* _Source information_:
===

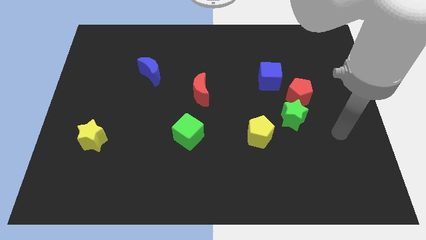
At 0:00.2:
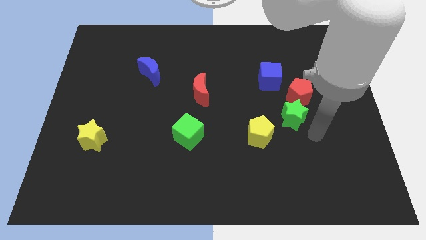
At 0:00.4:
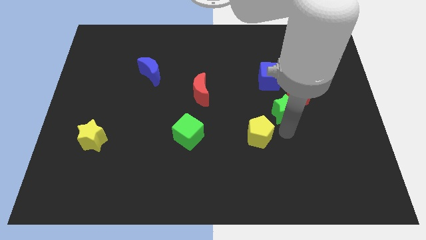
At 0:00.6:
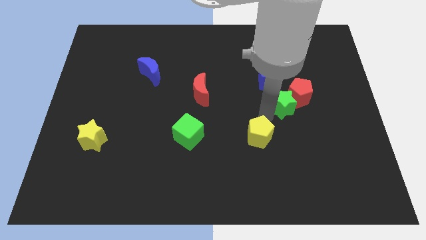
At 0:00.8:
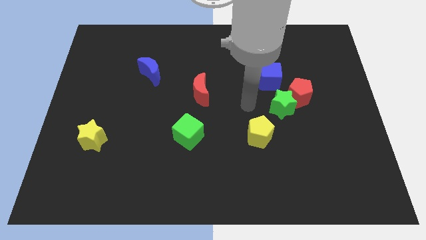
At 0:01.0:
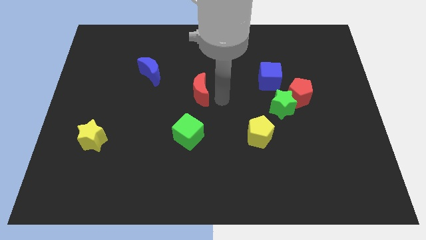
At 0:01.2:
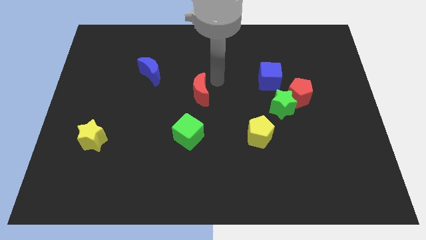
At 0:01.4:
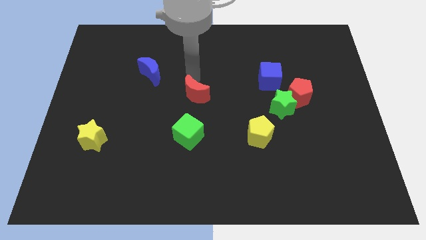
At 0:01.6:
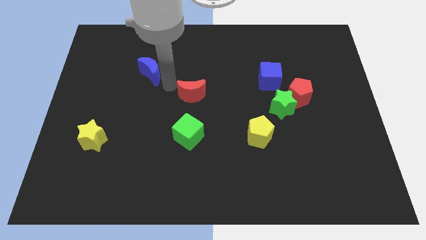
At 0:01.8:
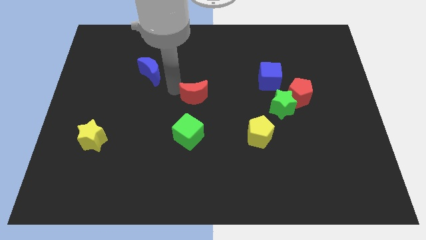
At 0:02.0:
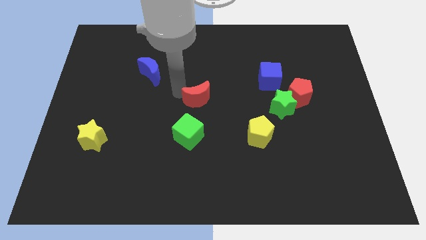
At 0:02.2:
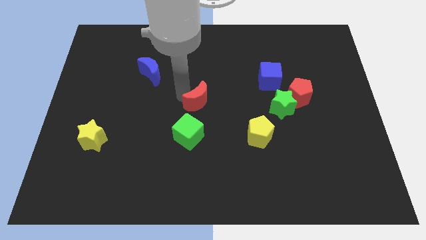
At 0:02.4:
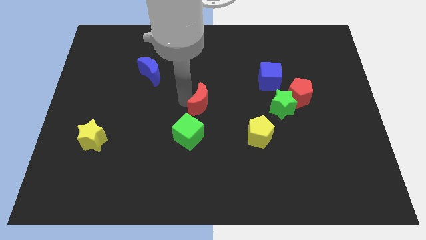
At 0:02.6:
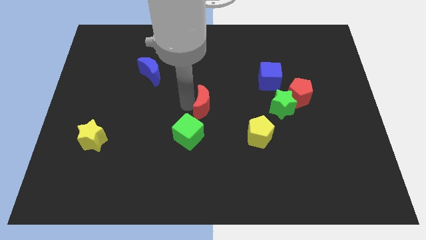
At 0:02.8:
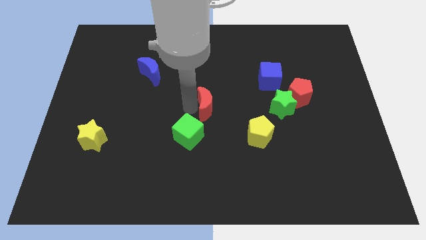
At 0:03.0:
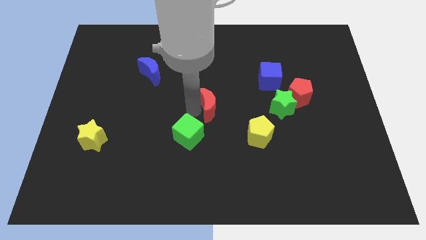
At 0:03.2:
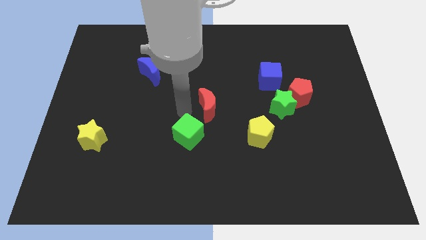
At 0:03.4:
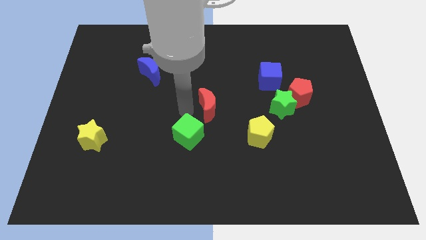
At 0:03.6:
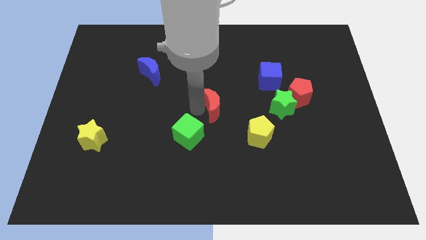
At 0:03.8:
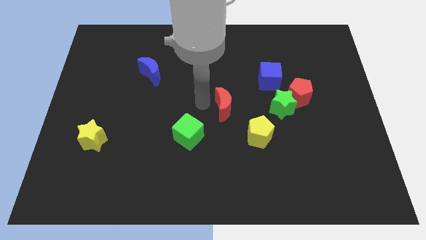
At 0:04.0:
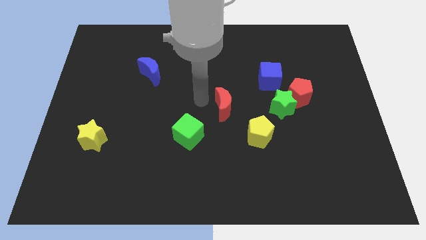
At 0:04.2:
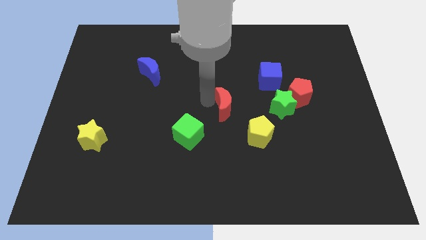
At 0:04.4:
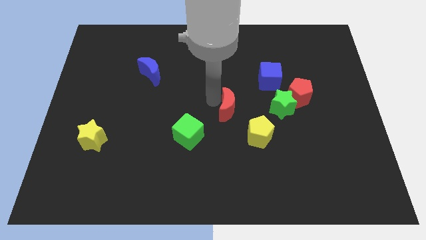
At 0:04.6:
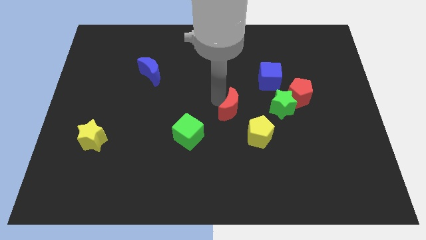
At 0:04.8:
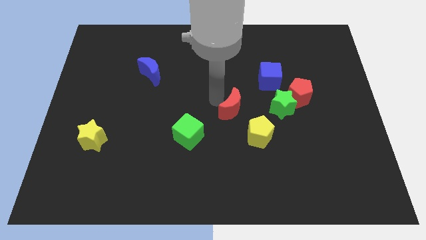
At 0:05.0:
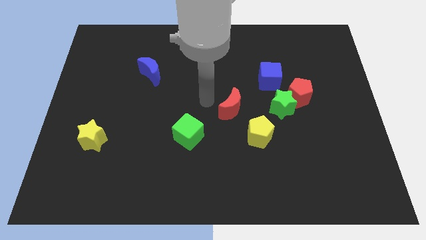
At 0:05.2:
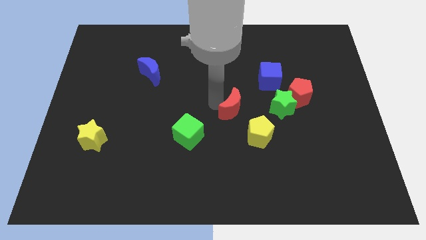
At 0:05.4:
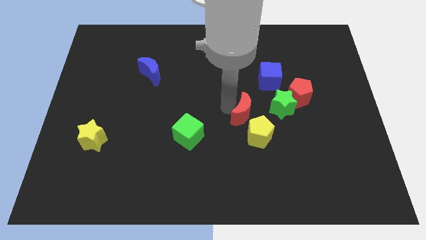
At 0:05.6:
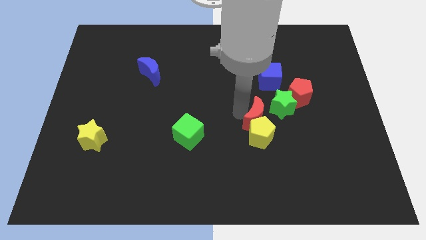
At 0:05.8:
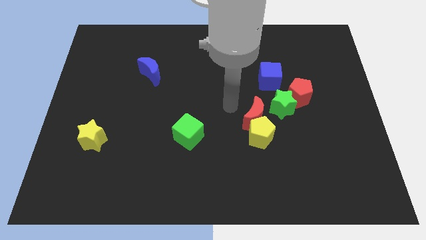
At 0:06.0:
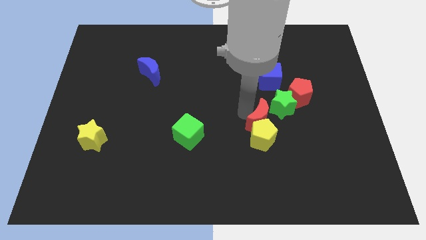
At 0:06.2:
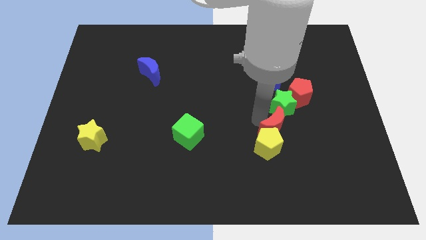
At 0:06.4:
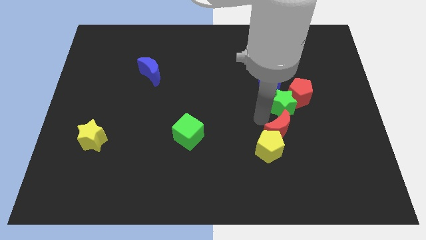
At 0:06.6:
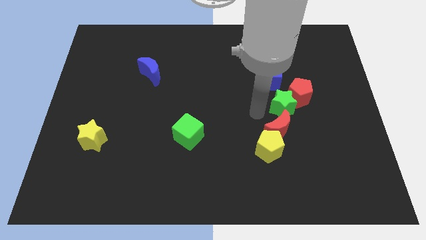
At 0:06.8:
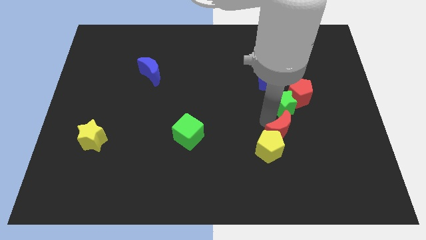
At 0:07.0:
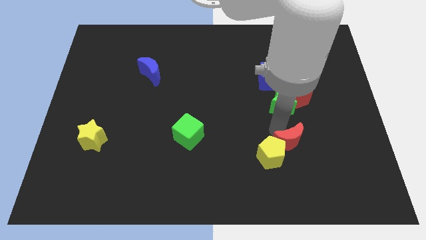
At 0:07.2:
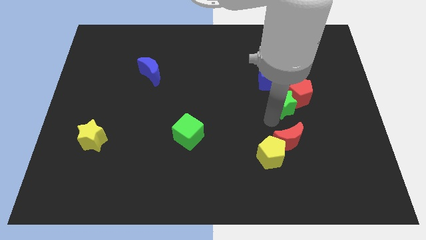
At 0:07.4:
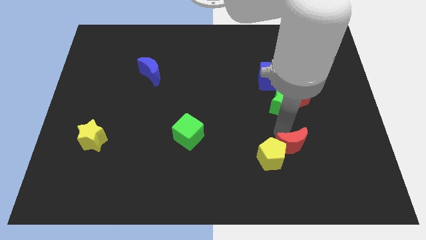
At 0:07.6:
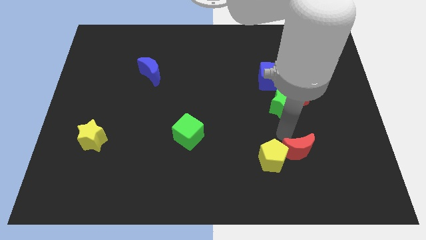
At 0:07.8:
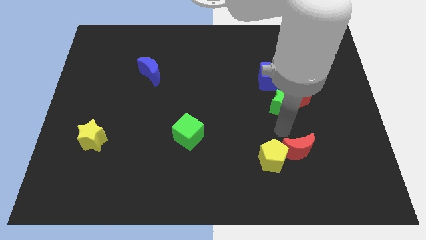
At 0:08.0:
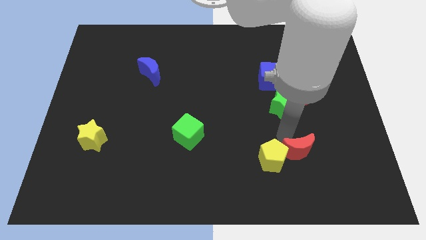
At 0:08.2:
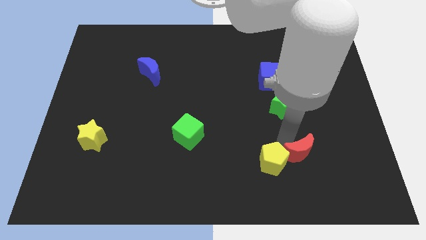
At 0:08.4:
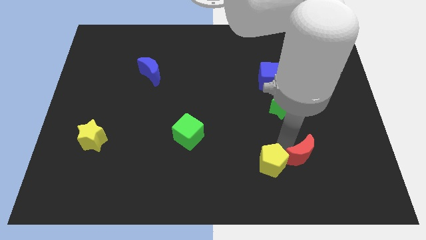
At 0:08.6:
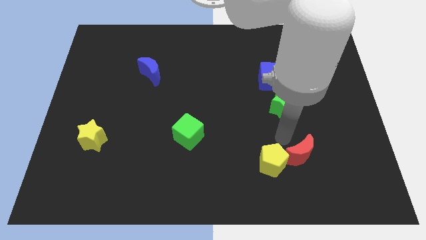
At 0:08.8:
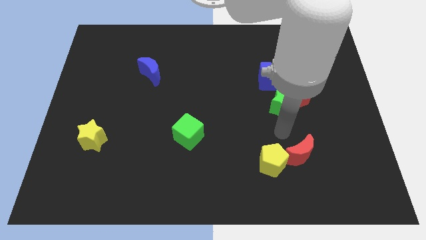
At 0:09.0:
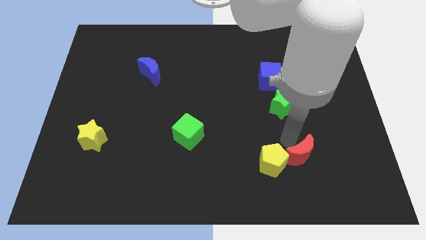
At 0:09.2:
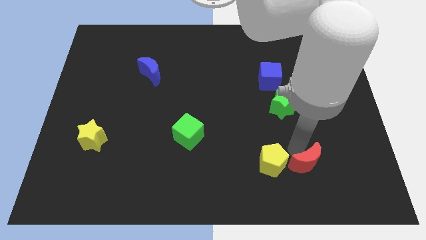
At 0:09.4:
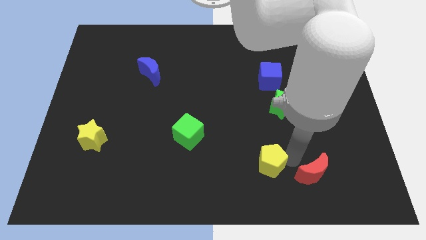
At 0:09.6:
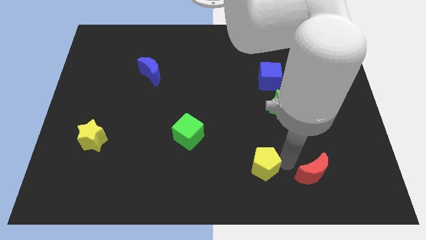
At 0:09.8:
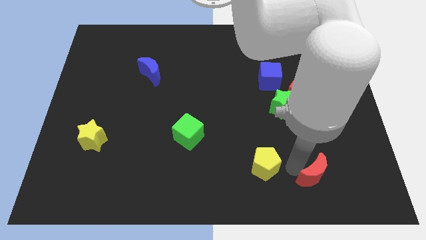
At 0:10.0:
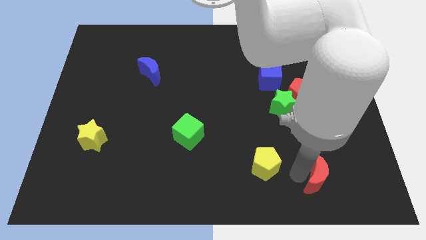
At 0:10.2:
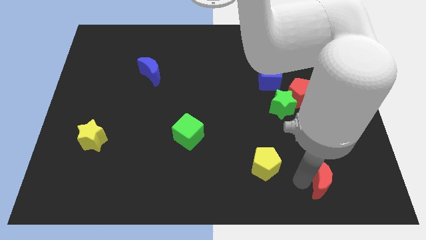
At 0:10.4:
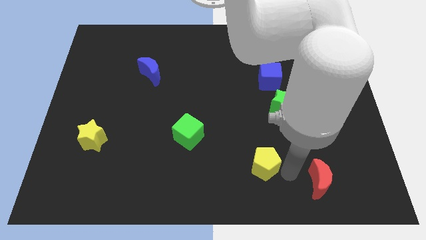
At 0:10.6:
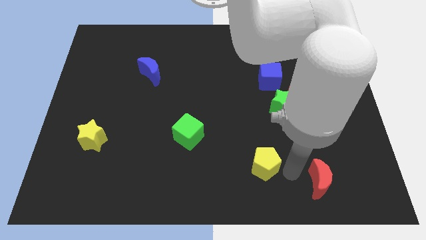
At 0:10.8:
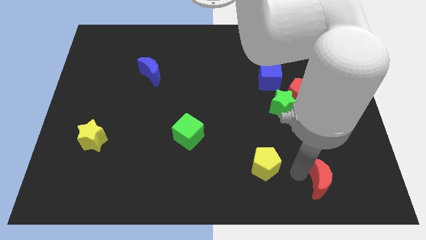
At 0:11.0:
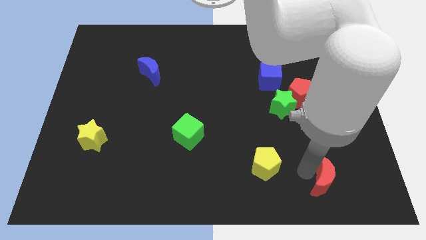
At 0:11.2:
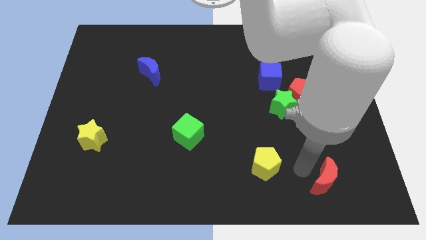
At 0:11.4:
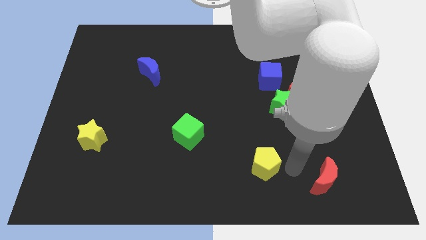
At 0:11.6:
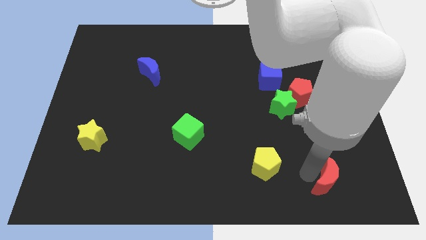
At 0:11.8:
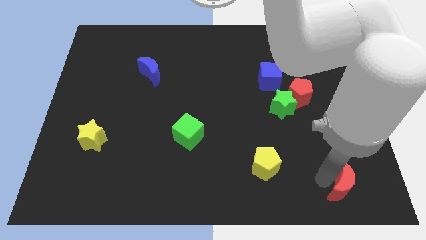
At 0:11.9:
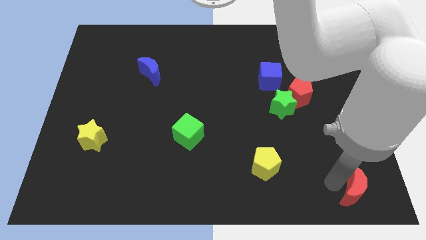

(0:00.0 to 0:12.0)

===

The answer must be a word-for-word copy of all the entries, containing no pictures.

At 0:00.2:
At 0:00.4:
At 0:00.6:
At 0:00.8:
At 0:01.0:
At 0:01.2:
At 0:01.4:
At 0:01.6:
At 0:01.8:
At 0:02.0:
At 0:02.2:
At 0:02.4:
At 0:02.6:
At 0:02.8:
At 0:03.0:
At 0:03.2:
At 0:03.4:
At 0:03.6:
At 0:03.8:
At 0:04.0:
At 0:04.2:
At 0:04.4:
At 0:04.6:
At 0:04.8:
At 0:05.0:
At 0:05.2:
At 0:05.4:
At 0:05.6:
At 0:05.8:
At 0:06.0:
At 0:06.2:
At 0:06.4:
At 0:06.6:
At 0:06.8:
At 0:07.0:
At 0:07.2:
At 0:07.4:
At 0:07.6:
At 0:07.8:
At 0:08.0:
At 0:08.2:
At 0:08.4:
At 0:08.6:
At 0:08.8:
At 0:09.0:
At 0:09.2:
At 0:09.4:
At 0:09.6:
At 0:09.8:
At 0:10.0:
At 0:10.2:
At 0:10.4:
At 0:10.6:
At 0:10.8:
At 0:11.0:
At 0:11.2:
At 0:11.4:
At 0:11.6:
At 0:11.8:
At 0:11.9:

(0:00.0 to 0:12.0)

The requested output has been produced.